_AVAILABLE DATA:_
+++

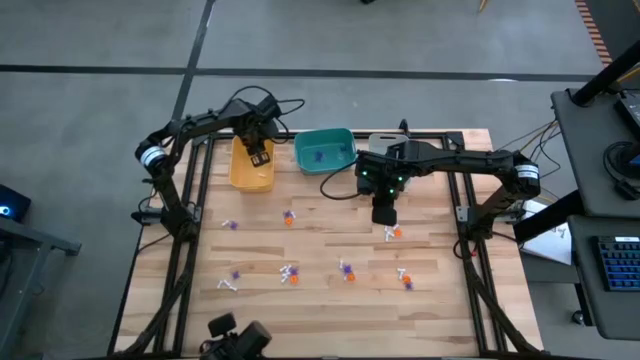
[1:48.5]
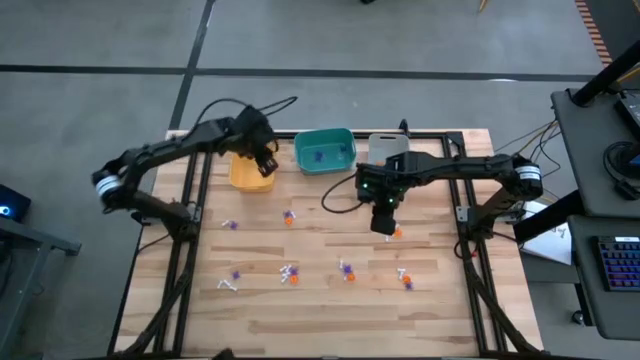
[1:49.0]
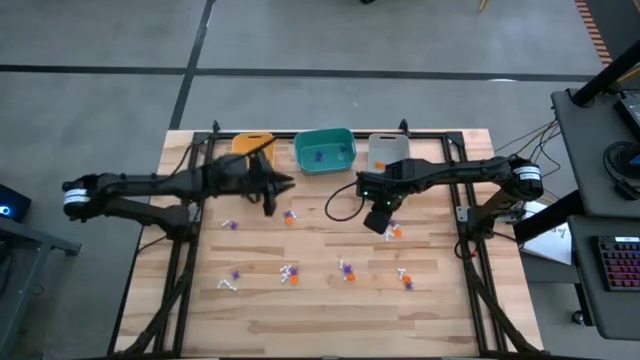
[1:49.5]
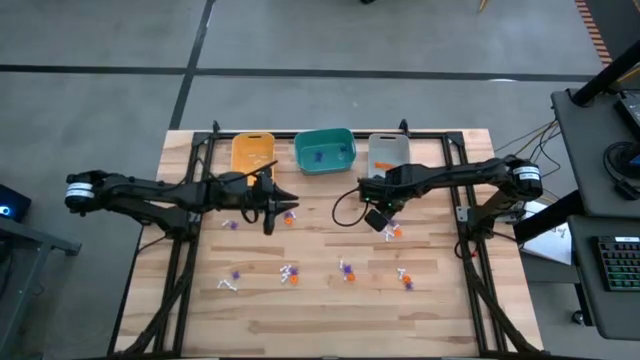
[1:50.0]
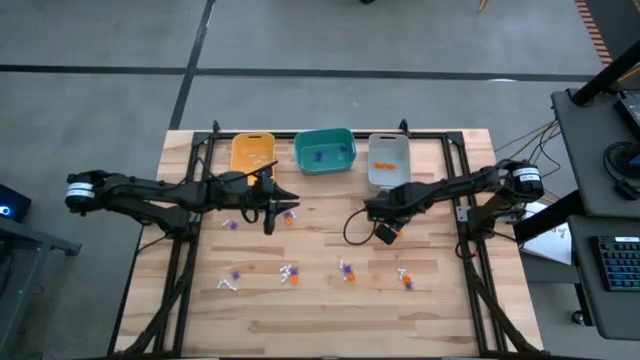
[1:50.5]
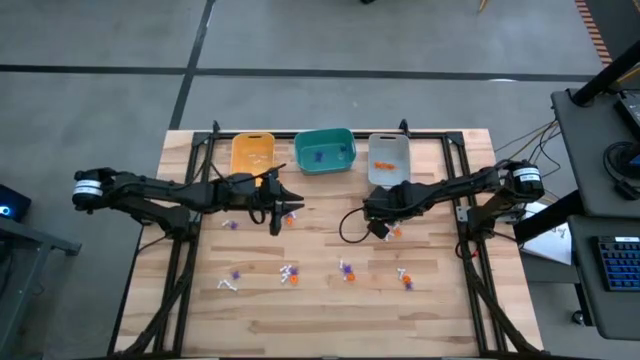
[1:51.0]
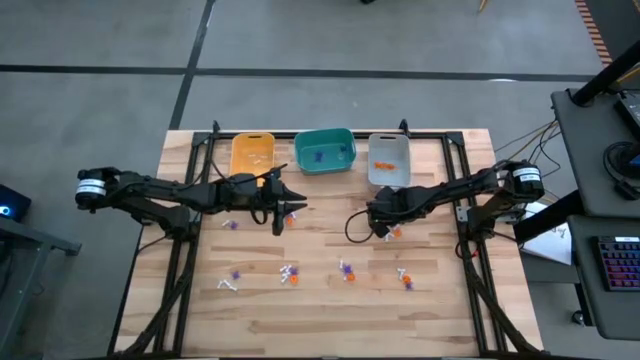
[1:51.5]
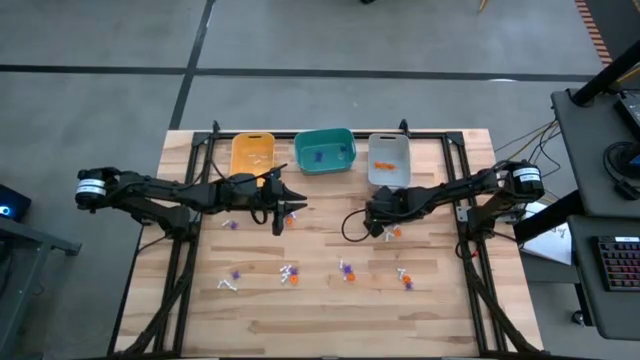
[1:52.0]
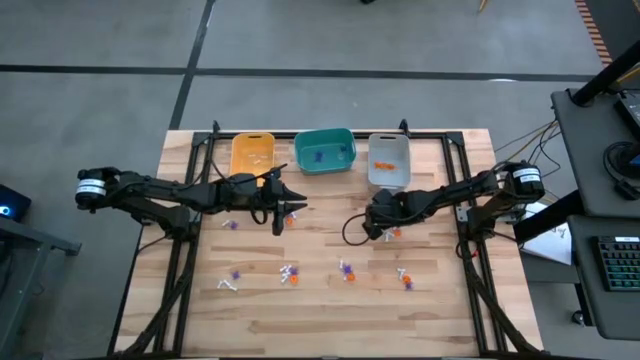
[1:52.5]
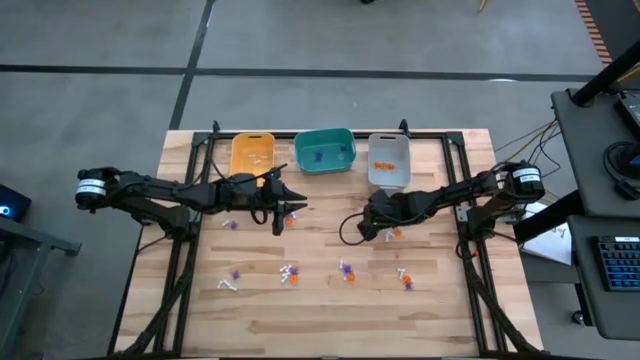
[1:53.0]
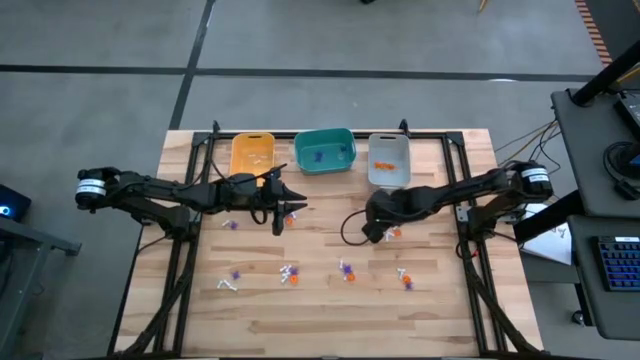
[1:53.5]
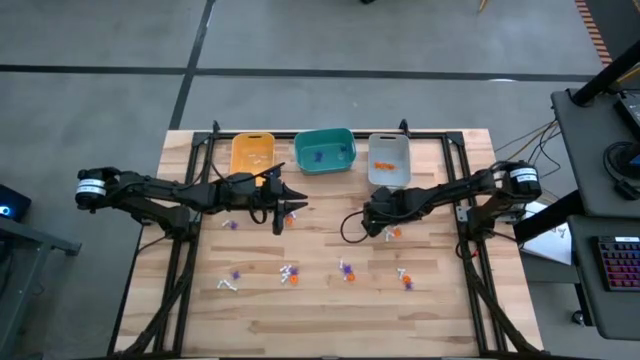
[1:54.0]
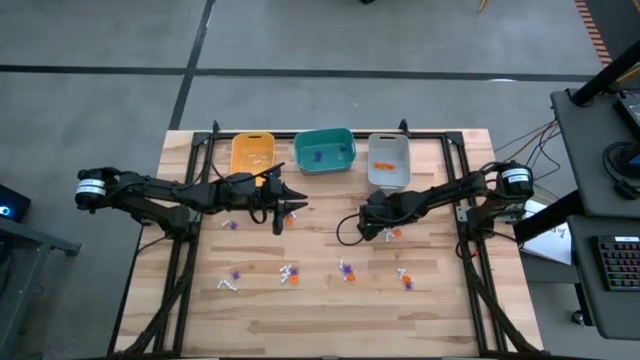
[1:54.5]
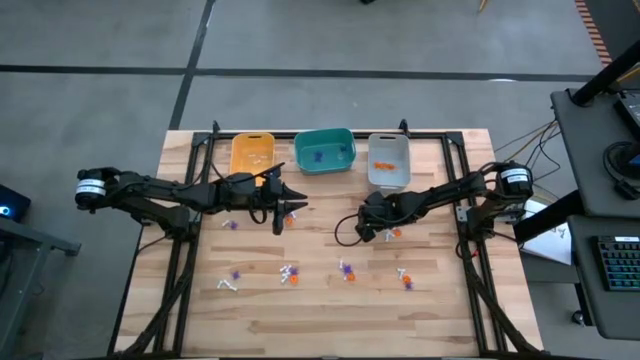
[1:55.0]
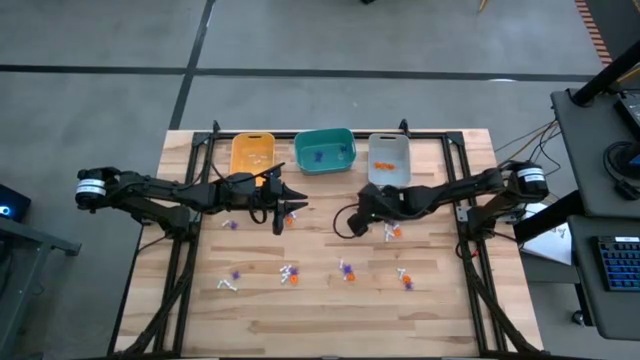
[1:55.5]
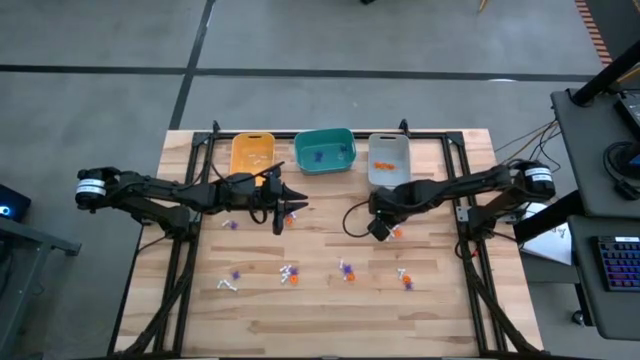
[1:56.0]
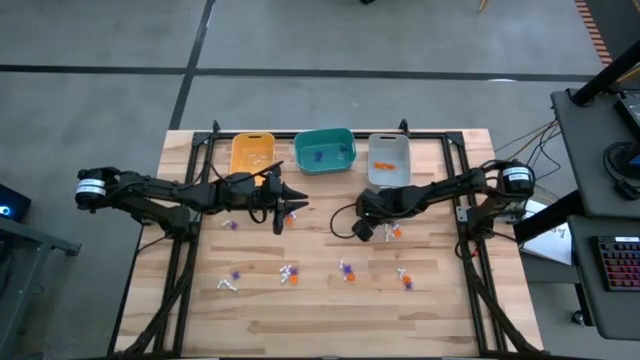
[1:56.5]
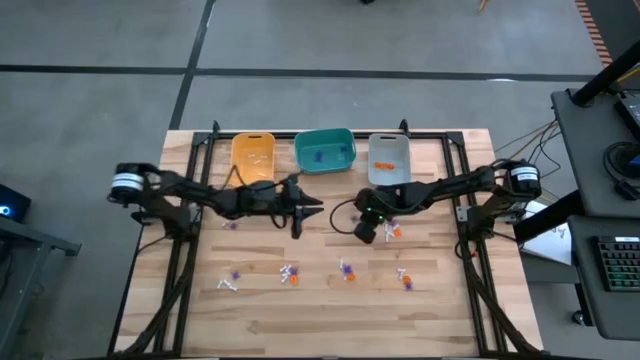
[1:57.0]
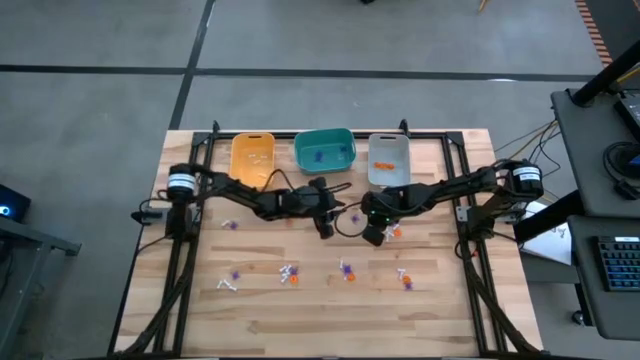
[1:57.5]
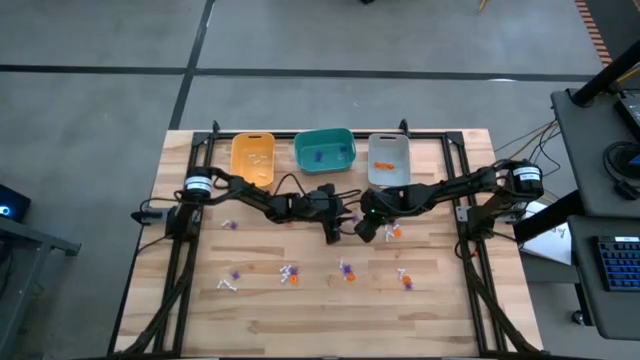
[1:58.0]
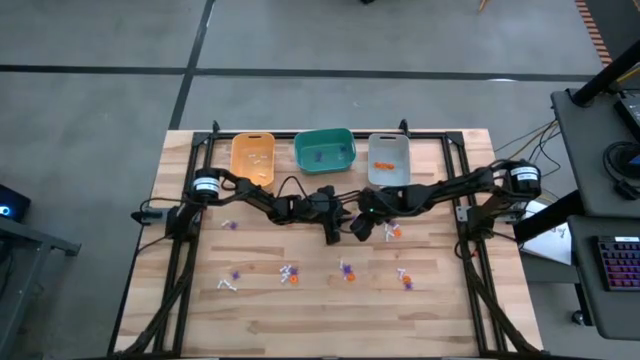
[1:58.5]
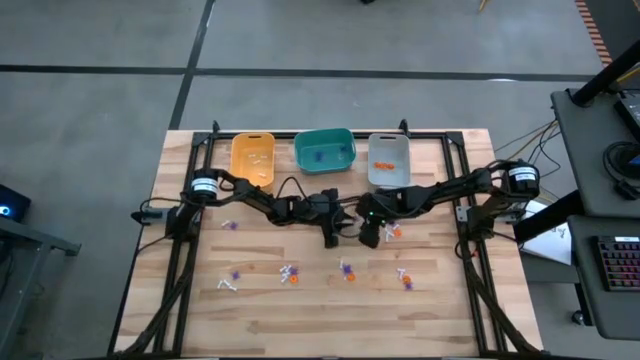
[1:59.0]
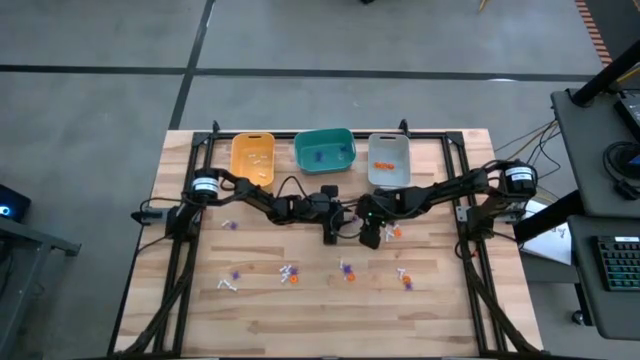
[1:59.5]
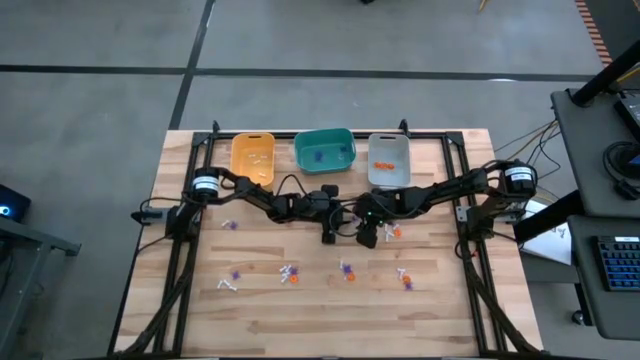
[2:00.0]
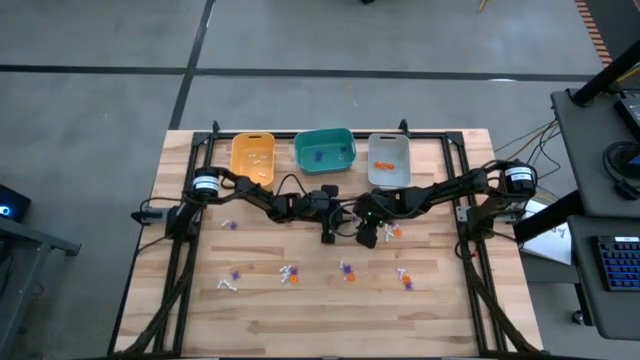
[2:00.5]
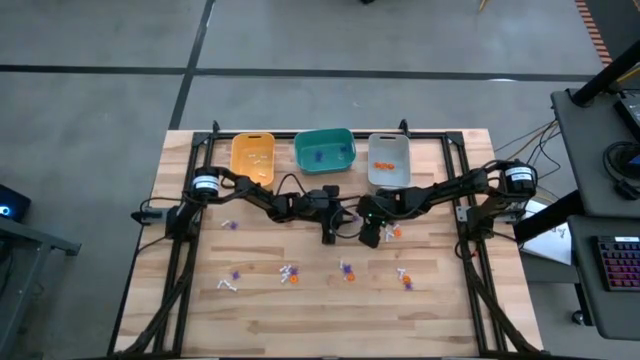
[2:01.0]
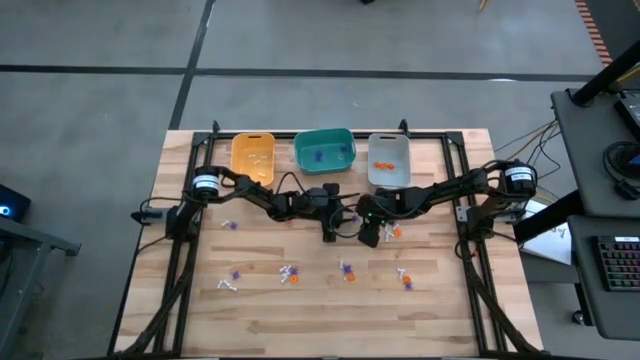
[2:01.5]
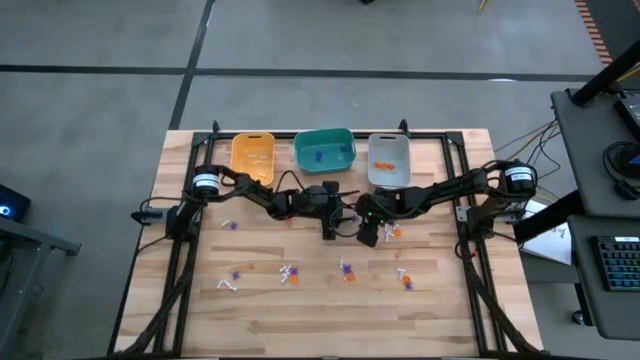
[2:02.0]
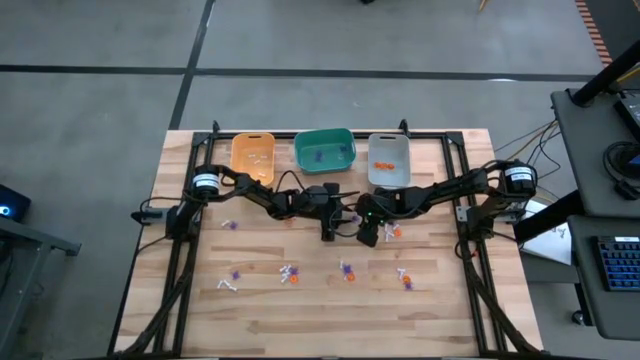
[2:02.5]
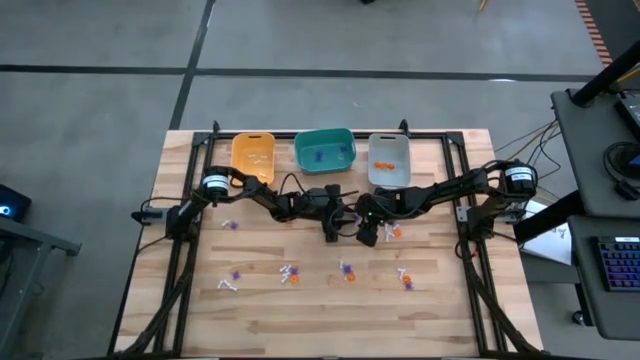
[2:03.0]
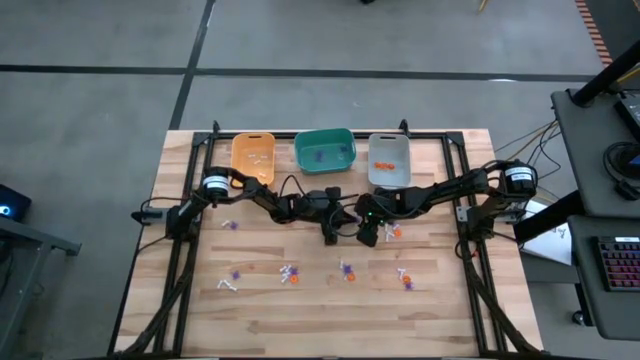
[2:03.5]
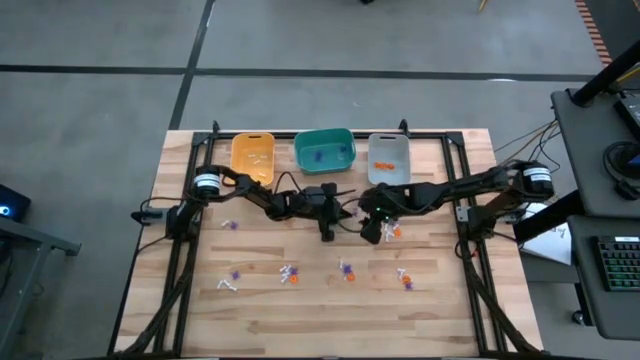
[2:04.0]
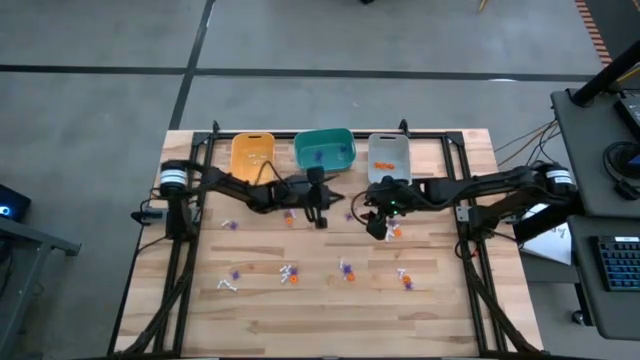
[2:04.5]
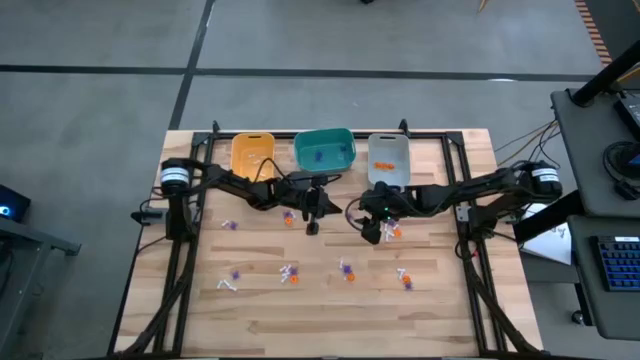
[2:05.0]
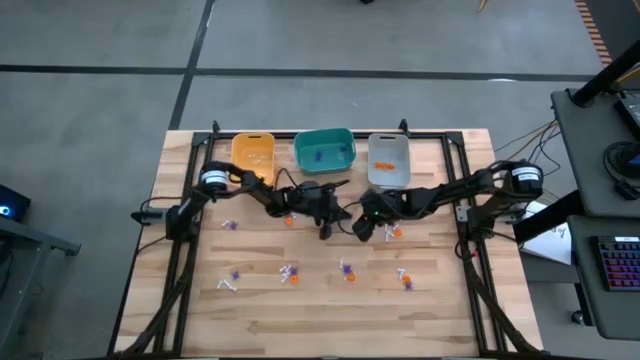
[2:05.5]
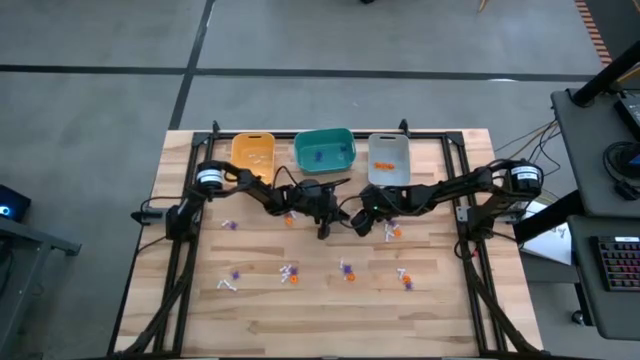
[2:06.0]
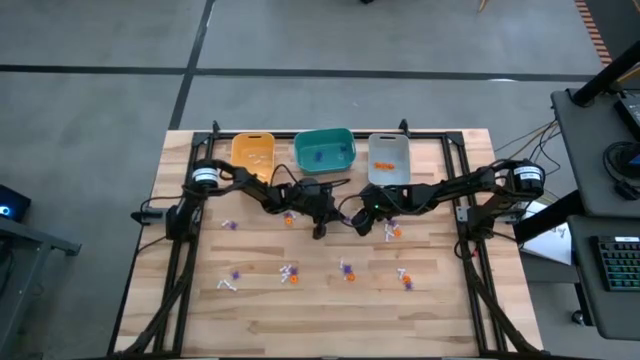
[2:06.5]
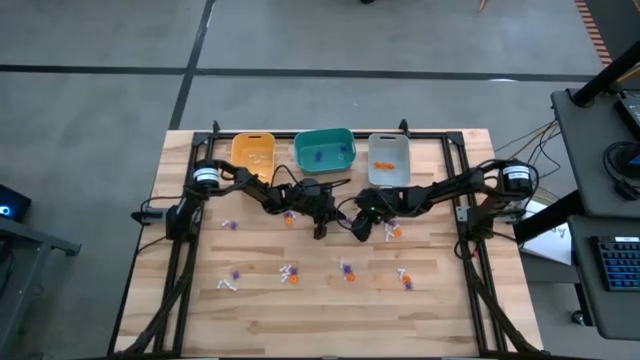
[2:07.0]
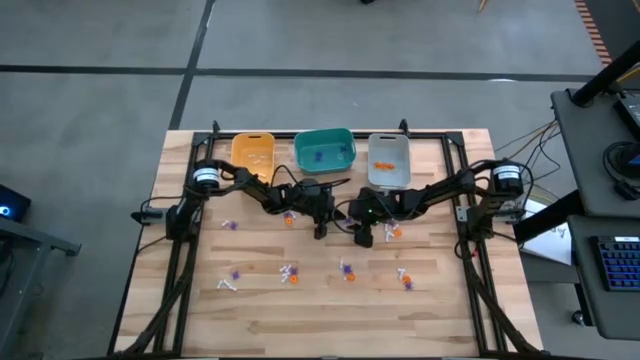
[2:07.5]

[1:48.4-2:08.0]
Task: Sort Halloween decoration
Put the small violet spider toy into the green bin

+++

_YOUR TASK:_ Give back each entry exactly as it appears. Leave pictures out.

_EXERCISE RESULT:_
[1:48.5]
[1:49.0]
[1:49.5]
[1:50.0]
[1:50.5]
[1:51.0]
[1:51.5]
[1:52.0]
[1:52.5]
[1:53.0]
[1:53.5]
[1:54.0]
[1:54.5]
[1:55.0]
[1:55.5]
[1:56.0]
[1:56.5]
[1:57.0]
[1:57.5]
[1:58.0]
[1:58.5]
[1:59.0]
[1:59.5]
[2:00.0]
[2:00.5]
[2:01.0]
[2:01.5]
[2:02.0]
[2:02.5]
[2:03.0]
[2:03.5]
[2:04.0]
[2:04.5]
[2:05.0]
[2:05.5]
[2:06.0]
[2:06.5]
[2:07.0]
[2:07.5]

[1:48.4-2:08.0]
Task: Sort Halloween decoration
Put the small violet spider toy into the green bin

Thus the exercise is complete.